I managed to locate some NOS grille suurounds to replace the battered ones in my '67, but the new ones have a flat black surface on the outside - the inner surface (facing the radiator) is glossy black. Zazarine's Restoration manual says the grille surrounds should be gloss black. I don't really mind the flat black look, but wonder if that's just a primer or protective coating, or?? :confused?

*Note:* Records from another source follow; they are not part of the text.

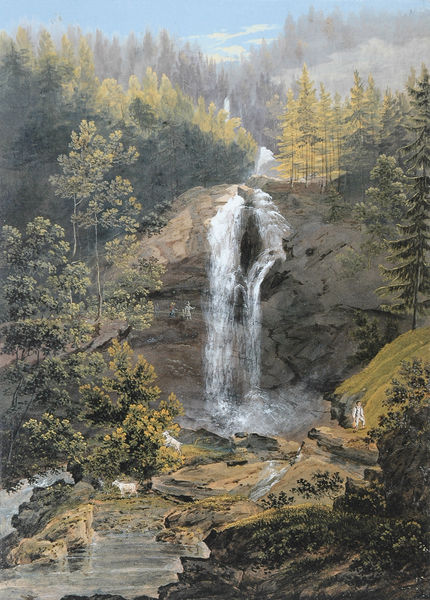
Titel: Wasserfall im Gebirge, der Zackenfall
Künstler: Johan Christian Clausen Dahl
Standort: Schweinfurt
Institution: Museum Georg Schäfer
Schlagwörter: baum, berg, blau, felsen, gemälde, himmel, laub, mann, wasser, weiß, wolken, aquarell, bäume, fluss, gelb, grün, landschaft, menschen, see, ufer, braun, bunt, grau, hintergrund, licht, männer, schwarz, gras, tier, tiere, weg, wiese, hochformat, mensch, stein, steine, bach, erde, ferne, kühe, natur, busch, büsche, gebüsch, gewässer, realismus, pflanzen, tal, wald, wasserfall, kinder, gischt, wellen, zwei, abhang, berge, fels, gebirge, dunst, nebel, herde, kuh, alm, schlucht, herbst, fliessen, rauschen, romantik, strom, tannen, staffage, schaf, höhe, wandern, alpen, moos, laubbaum, nadelbaum, strudel, wanderer, fall, gebirgsbach, fichten, wildnis, wipfel, schafe, hirte, hirten, ziege, koch, wolkem, wanderung, wildbach, ziegen, mischwald, bergfluss, staffagefigur, siegen, mischwalf, schmadribach, wasserstrom, mesnch, lärchen, herbsttag, gebirgswald, wasserpfall, feös, waqsserfall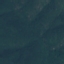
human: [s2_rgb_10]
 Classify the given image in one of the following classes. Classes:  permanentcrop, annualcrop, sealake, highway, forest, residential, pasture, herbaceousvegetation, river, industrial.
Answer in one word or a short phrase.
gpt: Forest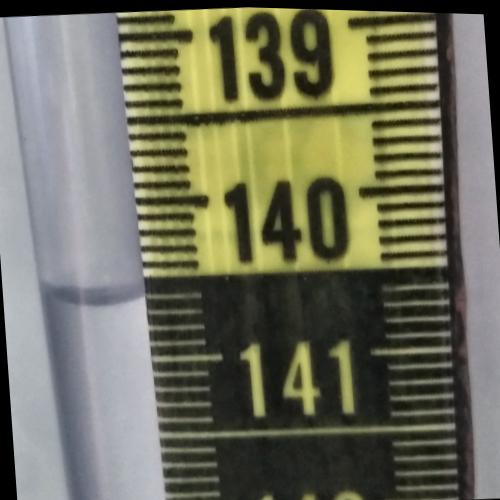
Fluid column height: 140.6 cm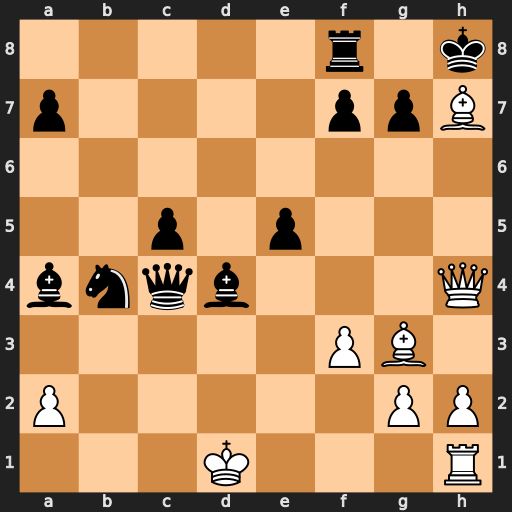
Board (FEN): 5r1k/p4ppB/8/2p1p3/bnqb3Q/5PB1/P5PP/3K3R
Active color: w
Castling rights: -
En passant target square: -
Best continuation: Bc2+ Kg8 Qh7#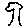
Label: tree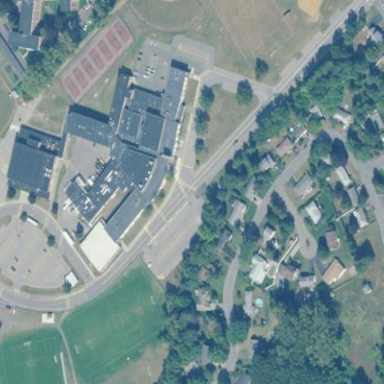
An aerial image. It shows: School.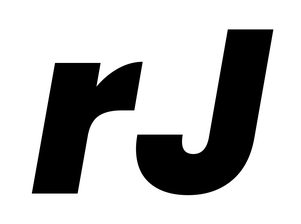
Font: Poppins-ExtraBoldItalic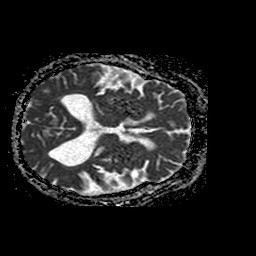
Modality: ADC
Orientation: axial
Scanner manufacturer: philips
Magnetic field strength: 1.5 T
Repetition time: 3.842 s
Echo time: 0.09719 s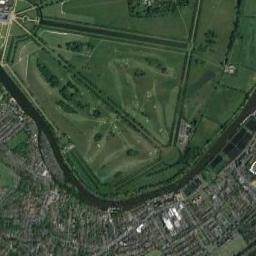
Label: river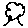
Label: tree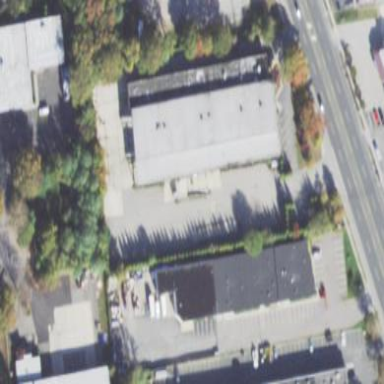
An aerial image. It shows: Commercial building.
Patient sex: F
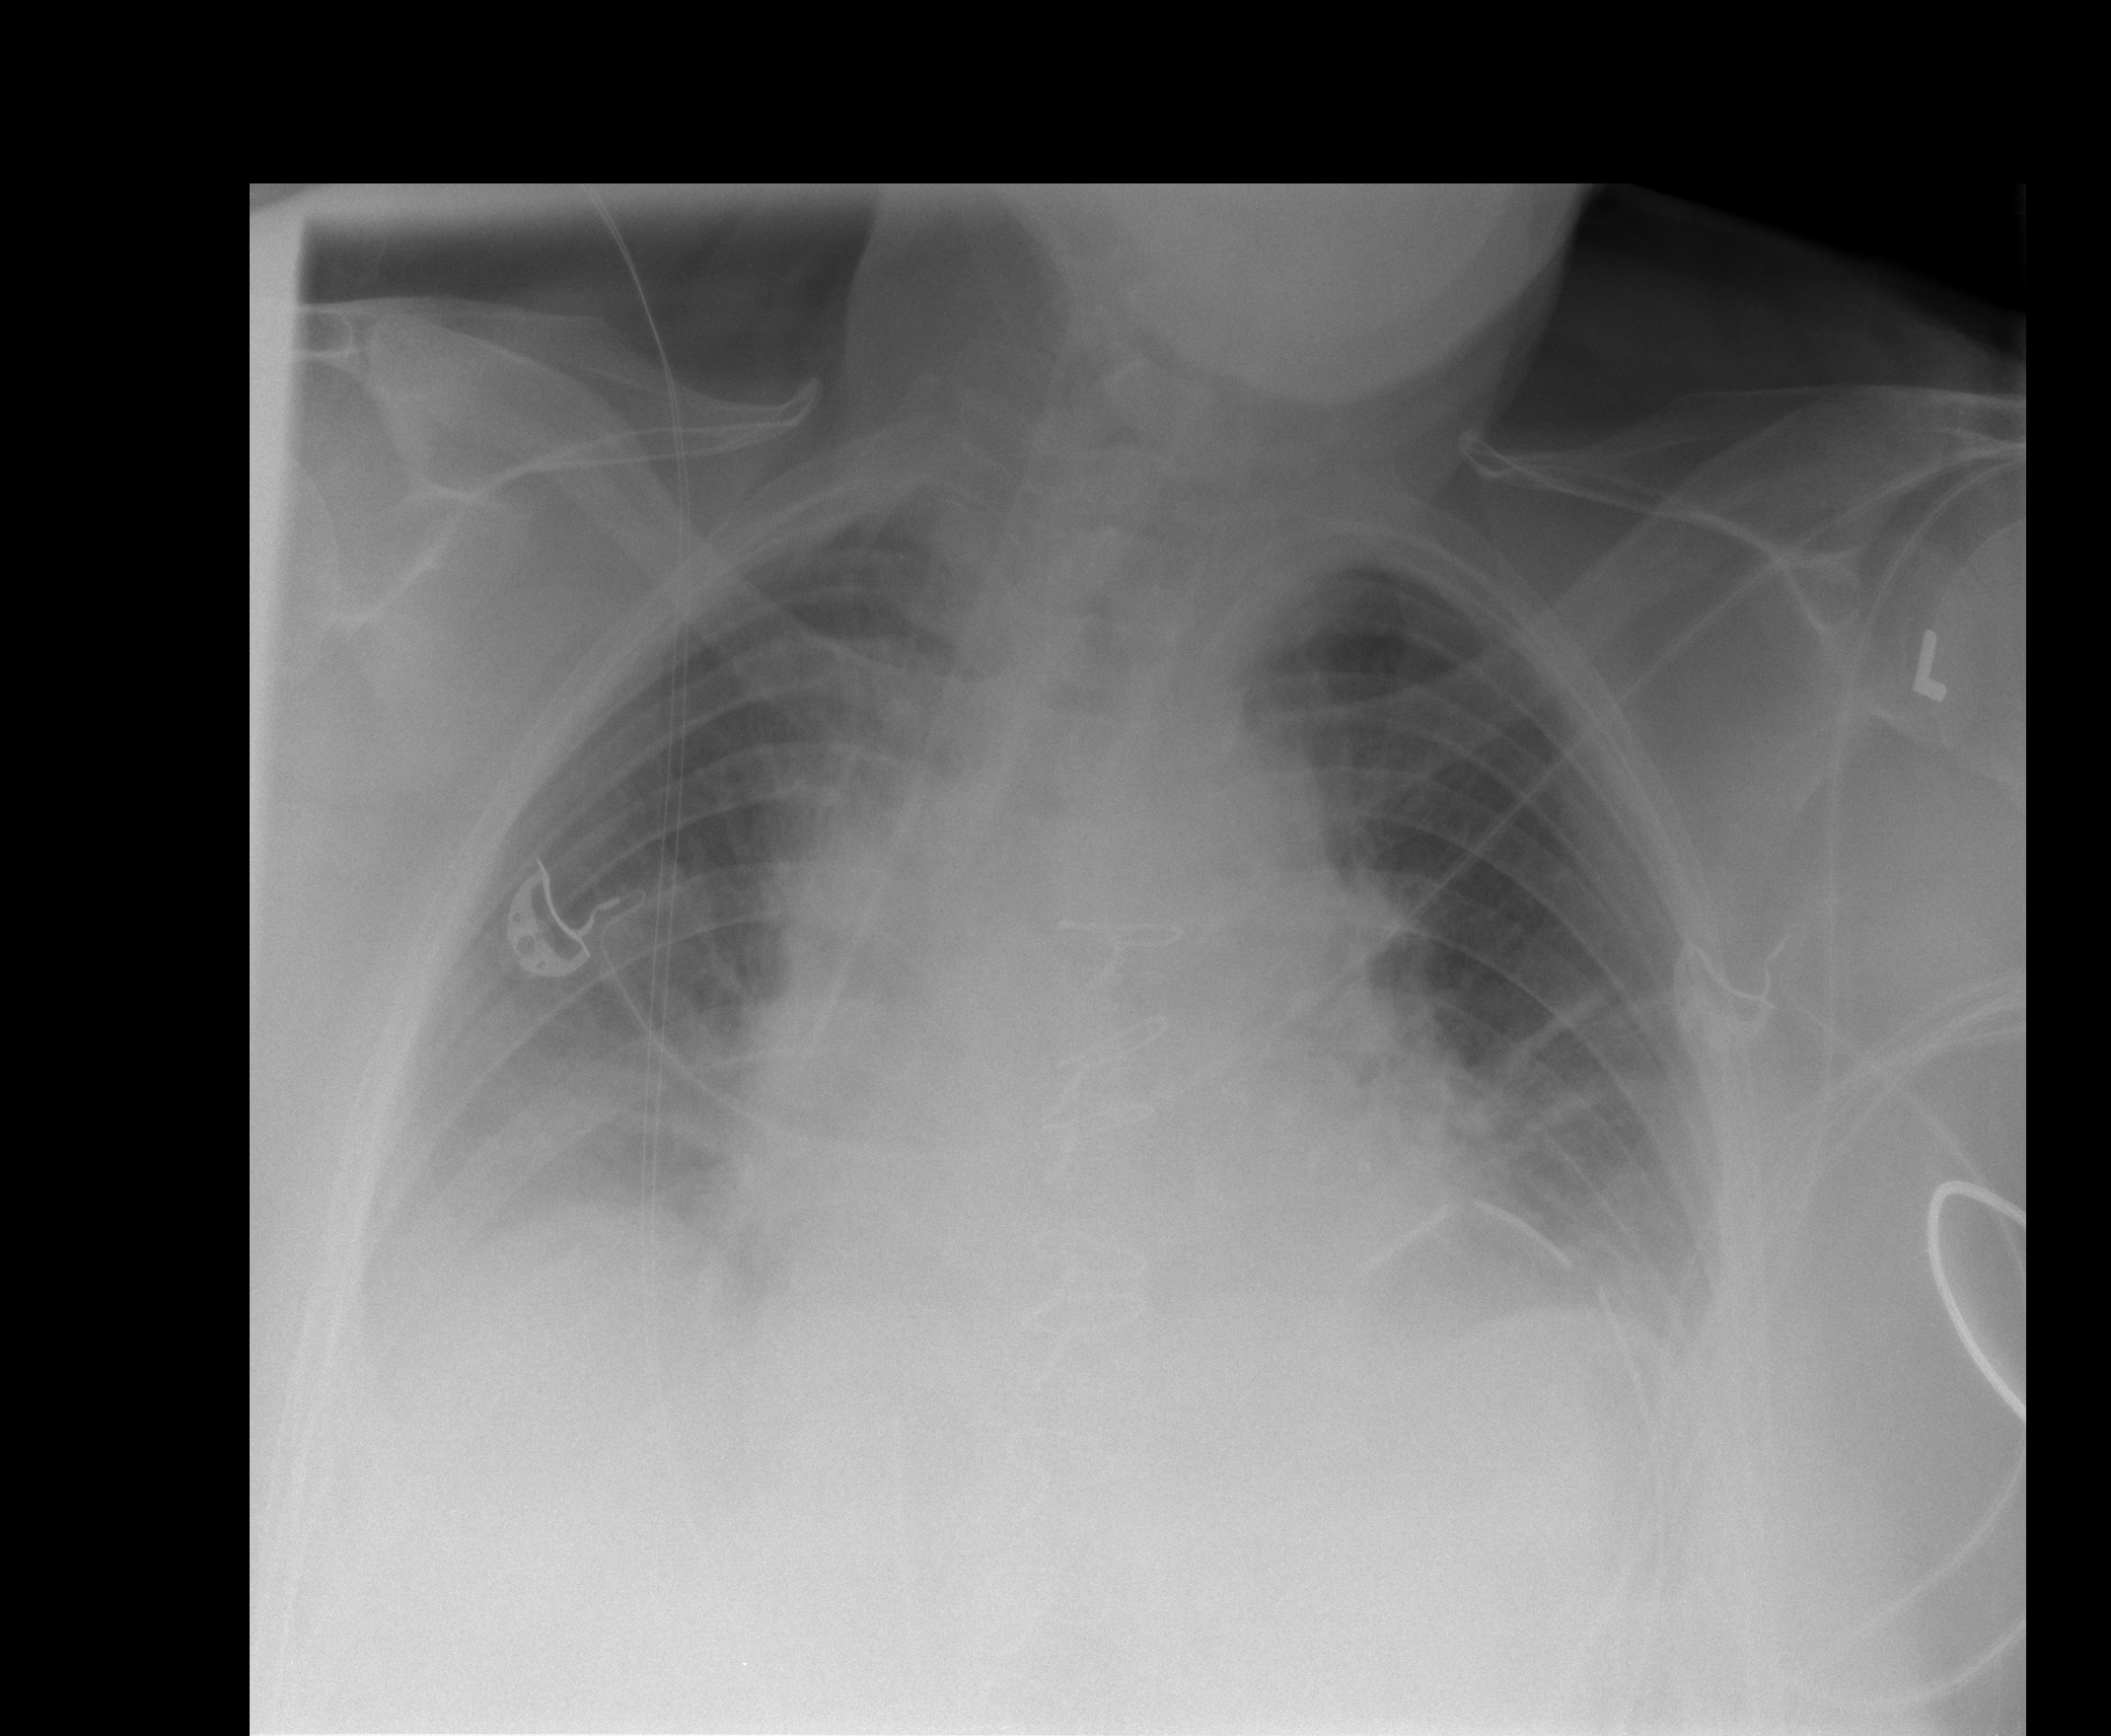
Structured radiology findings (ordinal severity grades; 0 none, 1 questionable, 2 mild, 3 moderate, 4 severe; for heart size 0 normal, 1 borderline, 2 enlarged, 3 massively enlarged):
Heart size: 0
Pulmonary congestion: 2
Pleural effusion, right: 2
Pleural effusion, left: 2
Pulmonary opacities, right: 0
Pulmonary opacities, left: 0
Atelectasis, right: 3
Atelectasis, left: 3

If anyone has any info on this, I'd appreciate hearing from you.


----------



## Eric Animal (Oct 28, 2007)

Tommy, They should be plain molded plastic. They were produced with a varying sheen. They should be painted (by you), as they don't come painted out of the box. Gloss Black is correct. Eric


----------



## geeteeohguy (Feb 2, 2008)

My original's aren't painted. They're semi gloss molded plastic. They've never been off the car, either. I helped a friend restore his '67 last year, and his NOS ones looked just like mine, except they had no fine cracks near the nose area. I've never heard of these being painted on a '67....'66, yes, but '67, no. Anybody else?


----------



## Eric Animal (Oct 28, 2007)

Jeff, I've heard, seen and read it...doesn't mean its a "fact"...personally, I'm gonna paint mine to match my firewall (60%) ....maybe its an assembly plant difference? As long as they are both the same color, I would see no issue leaving them as they came. :confused Eric


----------



## geeteeohguy (Feb 2, 2008)

Eric, I agree, it's probably a plant variation.....I wonder what the old guys (well, older than us) who are original owners have to say. I've been around a lot of these cars of this year that were Fremont built, and no paint, and my own '67 is a Baltimore built car (came from Tennessee in '83) and it's not painted either. Hmmmmmm....


----------



## Chevythedog (Dec 13, 2019)

I see this is an older post. My 67 GTO has them painted gloss black. I am having some restoration work done, I ordered new surrounds. They came flat black. Painting them gloss black.


----------